Les associations écologistes qui ont été étroitement associées au processus du Grenelle suivront de très près l'examen du texte à l'Assemblée. Huit d'entre elles parmi lesquelles le Comité de liaison des énergies renouvelables (Cler), la Fondation Nicolas Hulot, France nature environnement (FNE), le Réseau action climat (Rac France) et WWF France ont écrit ce 28 avril une "lettre ouverte" aux députés pour leur demander d'"envoyer un signal fort". "Nous nous inquiétons aujourd'hui des contradictions entre de nombreuses politiques (grand emprunt, plan de relance) et les objectifs affichés en octobre 2007", soulignent-elles. "L'ambition du Grenelle devrait également être de façonner une nouvelle manière de faire de la politique, par le dialogue renforcé entre la société civile et ses élus. Un processus de concertation élargie jusqu'alors insuffisamment utilisé en France a été mis en place. Depuis près de trois ans, nos organisations ont pris leurs responsabilités en participant activement à cette concertation et en acceptant les compromis nécessaires pour que des mesures consensuelles se dégagent. Vous avez, avec le gouvernement, la responsabilité de faire le lien entre les résultats de ce processus et sa retranscription dans notre législation."
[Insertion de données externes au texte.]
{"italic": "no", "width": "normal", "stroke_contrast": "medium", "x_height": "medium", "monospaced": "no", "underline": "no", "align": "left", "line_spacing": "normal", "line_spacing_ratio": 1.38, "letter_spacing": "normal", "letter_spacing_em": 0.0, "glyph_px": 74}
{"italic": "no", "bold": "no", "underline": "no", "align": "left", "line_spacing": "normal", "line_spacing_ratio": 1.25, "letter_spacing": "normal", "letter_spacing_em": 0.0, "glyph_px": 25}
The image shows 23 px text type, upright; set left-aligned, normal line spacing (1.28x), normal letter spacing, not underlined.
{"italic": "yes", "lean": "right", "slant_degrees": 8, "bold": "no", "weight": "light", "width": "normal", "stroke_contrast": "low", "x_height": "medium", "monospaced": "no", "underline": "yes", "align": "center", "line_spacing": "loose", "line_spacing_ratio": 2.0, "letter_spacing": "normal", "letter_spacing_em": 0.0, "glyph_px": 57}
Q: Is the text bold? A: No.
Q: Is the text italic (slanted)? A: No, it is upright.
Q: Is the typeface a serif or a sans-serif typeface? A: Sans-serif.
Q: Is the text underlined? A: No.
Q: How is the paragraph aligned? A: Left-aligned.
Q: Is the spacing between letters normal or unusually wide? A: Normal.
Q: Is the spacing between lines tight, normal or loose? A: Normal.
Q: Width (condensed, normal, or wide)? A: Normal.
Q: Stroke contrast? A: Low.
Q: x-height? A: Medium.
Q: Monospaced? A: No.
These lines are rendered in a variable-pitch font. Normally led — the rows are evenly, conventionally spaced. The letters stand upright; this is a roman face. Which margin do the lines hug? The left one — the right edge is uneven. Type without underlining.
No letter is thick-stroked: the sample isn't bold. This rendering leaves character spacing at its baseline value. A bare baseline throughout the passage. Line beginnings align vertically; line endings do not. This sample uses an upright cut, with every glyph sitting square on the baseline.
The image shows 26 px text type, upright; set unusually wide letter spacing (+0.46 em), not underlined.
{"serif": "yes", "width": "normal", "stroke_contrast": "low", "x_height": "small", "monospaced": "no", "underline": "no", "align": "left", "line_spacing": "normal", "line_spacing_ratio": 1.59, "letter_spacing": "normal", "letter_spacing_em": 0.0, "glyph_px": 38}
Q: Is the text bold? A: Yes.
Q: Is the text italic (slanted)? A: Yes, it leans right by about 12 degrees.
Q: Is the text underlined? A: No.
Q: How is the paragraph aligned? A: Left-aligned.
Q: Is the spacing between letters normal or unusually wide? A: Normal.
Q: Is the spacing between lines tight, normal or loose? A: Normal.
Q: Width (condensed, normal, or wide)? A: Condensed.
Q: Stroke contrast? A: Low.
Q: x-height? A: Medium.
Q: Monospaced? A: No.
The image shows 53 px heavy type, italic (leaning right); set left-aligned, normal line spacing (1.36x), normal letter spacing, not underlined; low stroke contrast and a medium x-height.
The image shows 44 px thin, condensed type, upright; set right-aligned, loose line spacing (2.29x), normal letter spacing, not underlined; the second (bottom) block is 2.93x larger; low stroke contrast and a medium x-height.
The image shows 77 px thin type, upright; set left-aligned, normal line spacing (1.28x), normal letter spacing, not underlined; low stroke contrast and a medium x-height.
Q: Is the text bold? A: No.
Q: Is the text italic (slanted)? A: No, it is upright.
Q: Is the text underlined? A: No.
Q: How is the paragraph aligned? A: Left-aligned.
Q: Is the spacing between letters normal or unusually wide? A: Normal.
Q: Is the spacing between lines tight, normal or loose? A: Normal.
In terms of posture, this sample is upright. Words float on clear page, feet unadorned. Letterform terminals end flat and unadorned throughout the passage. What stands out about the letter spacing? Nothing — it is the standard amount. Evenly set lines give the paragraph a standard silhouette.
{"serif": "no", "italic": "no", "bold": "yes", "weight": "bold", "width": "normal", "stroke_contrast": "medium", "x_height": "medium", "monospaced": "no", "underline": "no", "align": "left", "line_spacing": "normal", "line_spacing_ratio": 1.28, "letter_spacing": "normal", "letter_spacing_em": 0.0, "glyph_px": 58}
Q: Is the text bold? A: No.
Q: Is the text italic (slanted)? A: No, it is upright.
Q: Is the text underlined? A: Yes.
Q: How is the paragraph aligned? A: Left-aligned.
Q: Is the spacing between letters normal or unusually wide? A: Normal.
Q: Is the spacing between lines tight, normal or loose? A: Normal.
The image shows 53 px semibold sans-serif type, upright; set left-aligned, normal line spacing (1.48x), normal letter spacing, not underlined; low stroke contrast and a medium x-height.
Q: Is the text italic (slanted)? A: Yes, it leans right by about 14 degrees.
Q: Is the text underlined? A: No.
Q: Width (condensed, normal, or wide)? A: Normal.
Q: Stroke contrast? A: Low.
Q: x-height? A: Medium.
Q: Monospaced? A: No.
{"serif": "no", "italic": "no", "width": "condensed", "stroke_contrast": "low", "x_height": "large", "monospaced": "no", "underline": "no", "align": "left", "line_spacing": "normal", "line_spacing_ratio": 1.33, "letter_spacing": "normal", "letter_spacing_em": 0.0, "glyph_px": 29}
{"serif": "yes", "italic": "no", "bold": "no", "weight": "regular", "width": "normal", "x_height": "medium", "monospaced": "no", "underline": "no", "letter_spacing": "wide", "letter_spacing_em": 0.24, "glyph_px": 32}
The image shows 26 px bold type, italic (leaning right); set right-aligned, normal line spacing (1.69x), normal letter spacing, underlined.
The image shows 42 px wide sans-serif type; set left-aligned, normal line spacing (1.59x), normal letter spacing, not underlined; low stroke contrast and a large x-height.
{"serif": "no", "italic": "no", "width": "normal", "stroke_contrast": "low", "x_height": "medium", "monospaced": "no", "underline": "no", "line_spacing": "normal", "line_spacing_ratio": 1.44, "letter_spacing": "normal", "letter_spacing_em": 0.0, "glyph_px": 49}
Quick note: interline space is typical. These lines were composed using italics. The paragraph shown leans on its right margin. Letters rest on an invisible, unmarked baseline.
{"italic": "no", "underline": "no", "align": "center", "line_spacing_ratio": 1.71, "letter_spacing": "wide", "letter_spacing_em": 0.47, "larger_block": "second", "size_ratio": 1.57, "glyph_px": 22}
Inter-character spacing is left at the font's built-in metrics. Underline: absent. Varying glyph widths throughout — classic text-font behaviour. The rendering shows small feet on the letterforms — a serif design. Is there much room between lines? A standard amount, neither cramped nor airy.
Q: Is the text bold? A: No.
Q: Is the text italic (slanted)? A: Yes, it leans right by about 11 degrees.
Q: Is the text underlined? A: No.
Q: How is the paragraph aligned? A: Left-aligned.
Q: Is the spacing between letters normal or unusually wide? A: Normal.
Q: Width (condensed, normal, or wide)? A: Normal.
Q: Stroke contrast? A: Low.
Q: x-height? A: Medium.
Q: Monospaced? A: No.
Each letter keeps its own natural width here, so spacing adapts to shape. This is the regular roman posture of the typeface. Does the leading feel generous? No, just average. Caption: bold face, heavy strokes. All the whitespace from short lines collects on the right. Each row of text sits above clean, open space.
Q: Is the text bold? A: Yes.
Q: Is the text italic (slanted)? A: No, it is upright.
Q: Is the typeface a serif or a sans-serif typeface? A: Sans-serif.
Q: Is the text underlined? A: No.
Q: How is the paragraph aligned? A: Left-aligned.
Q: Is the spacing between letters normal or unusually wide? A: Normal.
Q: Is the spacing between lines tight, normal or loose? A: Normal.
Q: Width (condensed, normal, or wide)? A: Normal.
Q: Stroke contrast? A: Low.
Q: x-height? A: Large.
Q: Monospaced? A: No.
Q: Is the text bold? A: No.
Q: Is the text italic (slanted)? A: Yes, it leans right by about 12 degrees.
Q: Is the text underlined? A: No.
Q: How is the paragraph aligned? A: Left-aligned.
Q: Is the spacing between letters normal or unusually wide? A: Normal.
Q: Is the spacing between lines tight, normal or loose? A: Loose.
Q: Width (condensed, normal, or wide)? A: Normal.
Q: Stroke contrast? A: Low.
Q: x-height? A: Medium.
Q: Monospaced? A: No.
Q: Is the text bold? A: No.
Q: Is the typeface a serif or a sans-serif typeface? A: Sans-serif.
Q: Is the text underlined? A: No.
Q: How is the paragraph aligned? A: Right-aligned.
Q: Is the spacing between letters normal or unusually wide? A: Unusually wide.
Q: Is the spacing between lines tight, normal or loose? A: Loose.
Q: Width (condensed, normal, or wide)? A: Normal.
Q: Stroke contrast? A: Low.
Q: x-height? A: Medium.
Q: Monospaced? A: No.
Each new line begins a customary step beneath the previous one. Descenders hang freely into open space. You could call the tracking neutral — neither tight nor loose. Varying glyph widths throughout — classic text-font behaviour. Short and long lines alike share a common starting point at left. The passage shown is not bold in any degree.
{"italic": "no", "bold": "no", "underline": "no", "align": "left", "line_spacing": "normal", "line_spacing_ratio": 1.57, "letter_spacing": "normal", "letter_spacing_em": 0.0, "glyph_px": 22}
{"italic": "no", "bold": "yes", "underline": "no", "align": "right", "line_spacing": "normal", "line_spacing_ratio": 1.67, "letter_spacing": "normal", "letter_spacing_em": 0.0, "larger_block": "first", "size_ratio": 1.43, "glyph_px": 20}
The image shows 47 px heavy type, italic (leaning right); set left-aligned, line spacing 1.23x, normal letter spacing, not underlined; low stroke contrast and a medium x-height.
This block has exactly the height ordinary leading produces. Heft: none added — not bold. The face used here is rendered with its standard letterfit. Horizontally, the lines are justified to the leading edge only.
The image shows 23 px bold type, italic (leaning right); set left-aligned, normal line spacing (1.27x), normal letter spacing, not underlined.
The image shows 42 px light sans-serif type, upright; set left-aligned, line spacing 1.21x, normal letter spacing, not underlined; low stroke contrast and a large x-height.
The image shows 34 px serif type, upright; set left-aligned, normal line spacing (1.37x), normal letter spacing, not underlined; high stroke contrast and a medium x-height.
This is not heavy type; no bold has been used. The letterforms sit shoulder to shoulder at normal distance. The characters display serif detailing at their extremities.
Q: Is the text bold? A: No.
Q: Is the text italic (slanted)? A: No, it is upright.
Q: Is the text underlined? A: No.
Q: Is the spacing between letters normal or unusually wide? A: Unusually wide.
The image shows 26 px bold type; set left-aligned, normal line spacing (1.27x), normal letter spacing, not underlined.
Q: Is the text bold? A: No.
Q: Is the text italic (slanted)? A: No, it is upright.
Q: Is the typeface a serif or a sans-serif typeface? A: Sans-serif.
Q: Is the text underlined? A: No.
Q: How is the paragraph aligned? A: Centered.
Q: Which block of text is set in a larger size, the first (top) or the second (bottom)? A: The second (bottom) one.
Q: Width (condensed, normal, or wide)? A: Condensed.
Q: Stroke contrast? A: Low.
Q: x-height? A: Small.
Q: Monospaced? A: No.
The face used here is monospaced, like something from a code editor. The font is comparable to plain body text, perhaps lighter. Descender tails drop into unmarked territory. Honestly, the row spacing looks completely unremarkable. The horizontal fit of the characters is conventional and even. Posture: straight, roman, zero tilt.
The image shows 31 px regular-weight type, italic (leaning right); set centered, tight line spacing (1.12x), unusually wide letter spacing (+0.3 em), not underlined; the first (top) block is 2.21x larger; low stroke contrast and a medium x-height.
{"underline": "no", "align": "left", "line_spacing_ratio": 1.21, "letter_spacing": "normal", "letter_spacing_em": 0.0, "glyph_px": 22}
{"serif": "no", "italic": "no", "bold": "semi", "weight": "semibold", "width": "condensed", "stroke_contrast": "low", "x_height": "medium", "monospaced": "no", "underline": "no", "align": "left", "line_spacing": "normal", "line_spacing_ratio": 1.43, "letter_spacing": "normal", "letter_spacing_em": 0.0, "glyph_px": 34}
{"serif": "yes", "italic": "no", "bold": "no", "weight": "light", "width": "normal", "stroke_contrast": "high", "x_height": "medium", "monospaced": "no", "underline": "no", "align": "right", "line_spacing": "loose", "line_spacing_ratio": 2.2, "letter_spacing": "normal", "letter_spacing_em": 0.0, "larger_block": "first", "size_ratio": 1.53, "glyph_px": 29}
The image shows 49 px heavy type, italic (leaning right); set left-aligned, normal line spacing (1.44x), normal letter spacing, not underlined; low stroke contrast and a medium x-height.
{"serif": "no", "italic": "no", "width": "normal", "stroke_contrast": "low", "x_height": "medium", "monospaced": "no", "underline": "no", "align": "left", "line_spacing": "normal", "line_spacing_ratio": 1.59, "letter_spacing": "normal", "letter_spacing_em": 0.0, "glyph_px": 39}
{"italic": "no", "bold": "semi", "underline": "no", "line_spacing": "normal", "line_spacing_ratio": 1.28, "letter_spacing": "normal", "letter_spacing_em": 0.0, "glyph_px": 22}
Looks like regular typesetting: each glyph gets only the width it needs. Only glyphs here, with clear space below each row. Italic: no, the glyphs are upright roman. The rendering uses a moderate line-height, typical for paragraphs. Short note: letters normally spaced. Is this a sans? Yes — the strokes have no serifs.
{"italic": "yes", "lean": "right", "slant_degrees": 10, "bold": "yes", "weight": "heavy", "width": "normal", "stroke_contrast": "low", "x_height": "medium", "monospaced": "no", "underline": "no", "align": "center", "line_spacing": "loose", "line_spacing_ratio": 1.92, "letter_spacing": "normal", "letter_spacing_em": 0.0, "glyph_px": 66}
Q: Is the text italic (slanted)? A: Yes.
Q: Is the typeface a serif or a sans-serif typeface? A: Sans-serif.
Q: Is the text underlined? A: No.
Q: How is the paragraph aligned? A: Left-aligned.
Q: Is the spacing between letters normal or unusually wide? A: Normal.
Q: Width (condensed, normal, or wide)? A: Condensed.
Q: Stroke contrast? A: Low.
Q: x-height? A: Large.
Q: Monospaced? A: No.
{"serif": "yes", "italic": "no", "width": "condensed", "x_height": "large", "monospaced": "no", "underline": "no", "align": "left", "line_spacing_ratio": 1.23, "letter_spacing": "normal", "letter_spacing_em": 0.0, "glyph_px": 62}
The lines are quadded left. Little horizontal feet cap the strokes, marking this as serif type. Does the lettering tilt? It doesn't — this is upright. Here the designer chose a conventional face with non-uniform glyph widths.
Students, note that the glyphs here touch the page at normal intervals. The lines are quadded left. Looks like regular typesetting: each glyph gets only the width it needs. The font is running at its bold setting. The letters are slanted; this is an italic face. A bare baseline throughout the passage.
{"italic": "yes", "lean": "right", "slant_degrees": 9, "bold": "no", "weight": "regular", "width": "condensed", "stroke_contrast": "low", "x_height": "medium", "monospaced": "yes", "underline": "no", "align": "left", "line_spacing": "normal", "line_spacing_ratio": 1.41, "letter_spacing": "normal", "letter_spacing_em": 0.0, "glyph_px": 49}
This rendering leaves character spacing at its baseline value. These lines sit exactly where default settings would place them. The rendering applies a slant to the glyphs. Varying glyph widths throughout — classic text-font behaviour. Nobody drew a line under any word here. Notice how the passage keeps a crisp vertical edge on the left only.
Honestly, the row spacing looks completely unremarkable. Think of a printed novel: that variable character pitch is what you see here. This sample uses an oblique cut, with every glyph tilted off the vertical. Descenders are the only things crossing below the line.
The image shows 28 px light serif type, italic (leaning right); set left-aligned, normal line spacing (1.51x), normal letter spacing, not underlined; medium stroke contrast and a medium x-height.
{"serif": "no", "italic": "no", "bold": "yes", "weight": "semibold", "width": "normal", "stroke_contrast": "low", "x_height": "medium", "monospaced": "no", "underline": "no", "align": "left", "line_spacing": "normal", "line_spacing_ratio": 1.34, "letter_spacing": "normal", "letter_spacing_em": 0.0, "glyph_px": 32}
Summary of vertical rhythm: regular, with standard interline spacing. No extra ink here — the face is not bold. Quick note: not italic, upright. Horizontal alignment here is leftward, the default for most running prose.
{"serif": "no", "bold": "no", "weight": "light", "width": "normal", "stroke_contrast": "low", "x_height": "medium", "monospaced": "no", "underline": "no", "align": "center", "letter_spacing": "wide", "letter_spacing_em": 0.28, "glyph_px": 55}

D'autres associations ont décidé de se faire entendre, au sens propre, à l'extérieur de l'hémicycle. Un collectif de treize ONG parmi lesquelles Agir pour l'environnement, les Amis de la terre, le Centre national d'information indépendante sur les déchets (Cniid) et la Fédération nationale des associations d'usagers des transports (Fnaut) a ainsi appelé à un rassemblement musical intitulé "Du bruit pour l'environnement" à proximité du Palais Bourbon le 4 mai, à 16h, au moment où les députés entameront l'examen du texte. Dans un communiqué, ces ONG déplorent le fait que "le gouvernement et les parlementaires ont opté pour une course de lenteur (…). En deux ans et demi, certains groupes politiques et lobbies ont ainsi eu le temps de raboter les modestes acquis du Grenelle de l'environnement et du Grenelle des ondes". Elles se disent inquiètes "des dérives d'un processus démocratique qui, au lieu de mettre au cœur de l'action publique les contraintes écologiques, s'est astreint à recouvrir d'un vernis vert pâle une politique essentiellement productiviste et consumériste". Le collectif égrène "la longue liste des anicroches, reculades et décisions anti-écologiques et unilatérales qui ont plombé le processus Grenelle". Elles citent notamment la "centrale nucléaire à Penly", les "lignes à très haute tension", la "construction de nouvelles autoroutes" et les "mises en concession autoroutières de routes nationales", le "projet de nouvel aéroport", l'"implantation d'antennes relais sans contrainte réelle", la "construction d'incinérateurs", l'"abandon de la fiscalité écologique (taxe carbone et taxe poids-lourds)", les "lois anti-éoliennes", le "développement des agro-carburants" et "l'abandon du fret ferroviaire".